November 18, 2019 - 11:49am

Prince Andrew’s interview hasn’t been the PR masterclass that his people might have hoped for, and it seems unlikely that this story will go away.

I support constitutional monarchy, not just out of a romantic attachment to the past and because I dislike the sort of people who advocate a republic more than I dislike the royals – although that is a factor – but because there’s plenty of evidence it works.

But even I am losing faith in the House of Windsor.

Tourism is a red herring – people would still visit Windsor Castle if we had President Attenborough – but the main argument is that shared institutions matter, and matter now more than ever. Modern democracies suffer from falling faith in these institution institutions, so that growing numbers express little fondness for anything but the military, the NHS and the Queen. Yet 2019 has been a terrible year for the royals – a new Annus Horribilis – and I suspect their problems are going to get worse.

Firstly, there is the constitutional crisis; it’s not the Queen’s fault that the political class has been deadlocked since 2016, but the purpose of monarchy is to be a check on political instability or tyranny. It’s what I think of as ersatz tradition, because there’s something a bit make-believe about it, but it’s all fine as long as everyone pretends to believe that the monarch wields ultimate power. The recent crisis rather exposed the fact that the Queen actually has zero real authority.

Secondly, there is the Harry and Meghan problem; the Duke and Duchess of Sussex seem determined to explicitly embrace a highly-politicised worldview which, for a want of a better world, I suppose we’d call “Woke”.

I can see the logic, since that sort of progressivism is the majority worldview of the ruling class below a certain age, and just as the Windsor ancestors adopted the new faith of Protestantism, so now they’re embracing its successor religion. But we are sort of living through a new Reformation now, and this is a hugely divisive line to take; on top of this the sort of people who agree with Harry and Meghan’s politics are not naturally sympathetic to royalty.

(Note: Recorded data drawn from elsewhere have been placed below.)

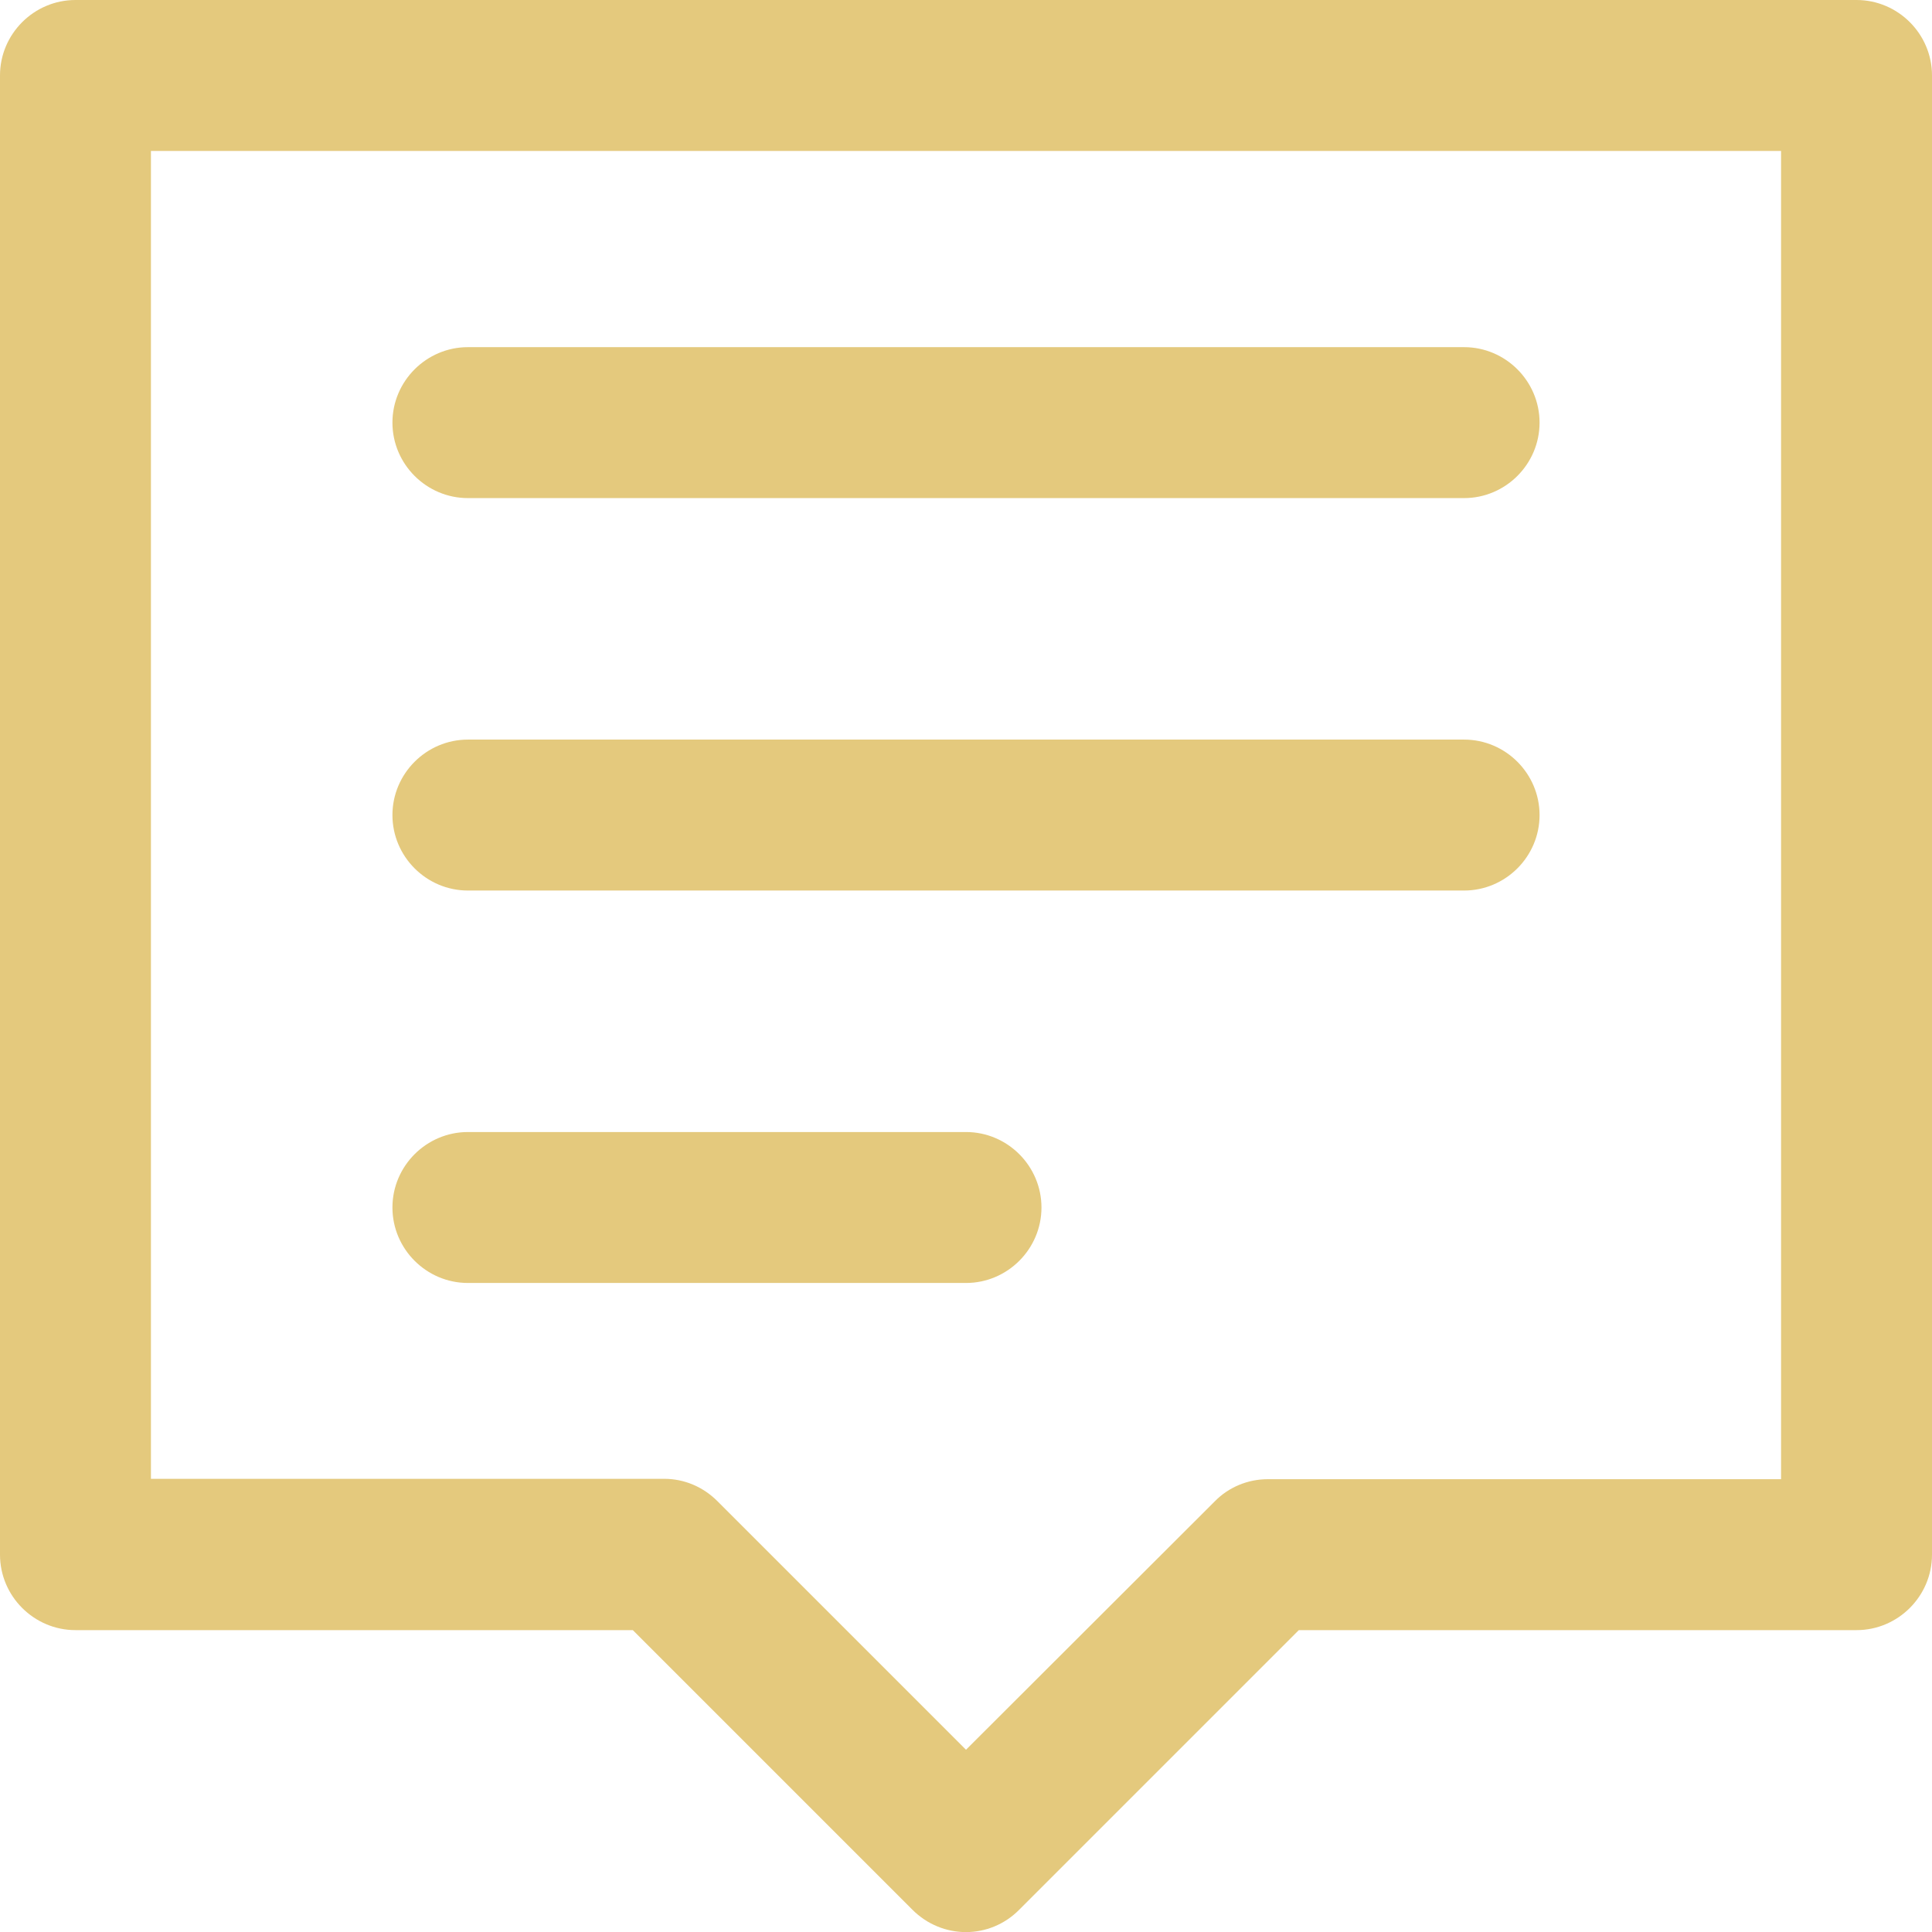 <?xml version="1.0" encoding="utf-8"?>
<!-- Generator: Adobe Illustrator 24.1.1, SVG Export Plug-In . SVG Version: 6.00 Build 0)  -->
<svg version="1.1" id="Capa_1" xmlns="http://www.w3.org/2000/svg" xmlns:xlink="http://www.w3.org/1999/xlink" x="0px" y="0px"
	 viewBox="0 0 512 512" style="enable-background:new 0 0 512 512;" xml:space="preserve">
<style type="text/css">
	.st0{fill:#E4C97D;}
</style>
<g>
	<path class="st0" d="M388,132H124c-11,0-20-9-20-20s9-20,20-20h264c11,0,20,9,20,20S399,132,388,132z M408,216c0-11-9-20-20-20H124
		c-11,0-20,9-20,20s9,20,20,20h264C399,236,408,227,408,216z M276,320c0-11-9-20-20-20H124c-11,0-20,9-20,20s9,20,20,20h132
		C267,340,276,331,276,320z M270.1,506.1l74.1-74.1H492c11,0,20-9,20-20V20c0-11-9-20-20-20H20C9,0,0,9,0,20v392c0,11,9,20,20,20
		h147.7l74.1,74.1C249.7,514,262.3,514,270.1,506.1z M40,40h432v352H336c-5.3,0-10.4,2.1-14.1,5.9L256,463.7l-65.9-65.9
		c-3.8-3.8-8.8-5.9-14.1-5.9H40V40z"/>
</g>
</svg>

Thirdly, the Andrew scandal is symptomatic of a wider problem with the royals, a sort of “elite overproduction” caused by too many family members who are too close to the Queen to be able to launch separate careers and lives.

There once was a time when minor royals could be sent off to various distant parts of the empire, and if not then they usually joined the army. The current Queen’s uncles were notoriously a difficult lot but during the war one was shipped off to run the Bahamas, another was given diplomatic duties and the third served on the staff of the RAF (and was killed). What, exactly, can Andrew or Harry do, that won’t lead them either into the temptation of the flesh or of politics, the two biggest pitfalls for Hanoverian men?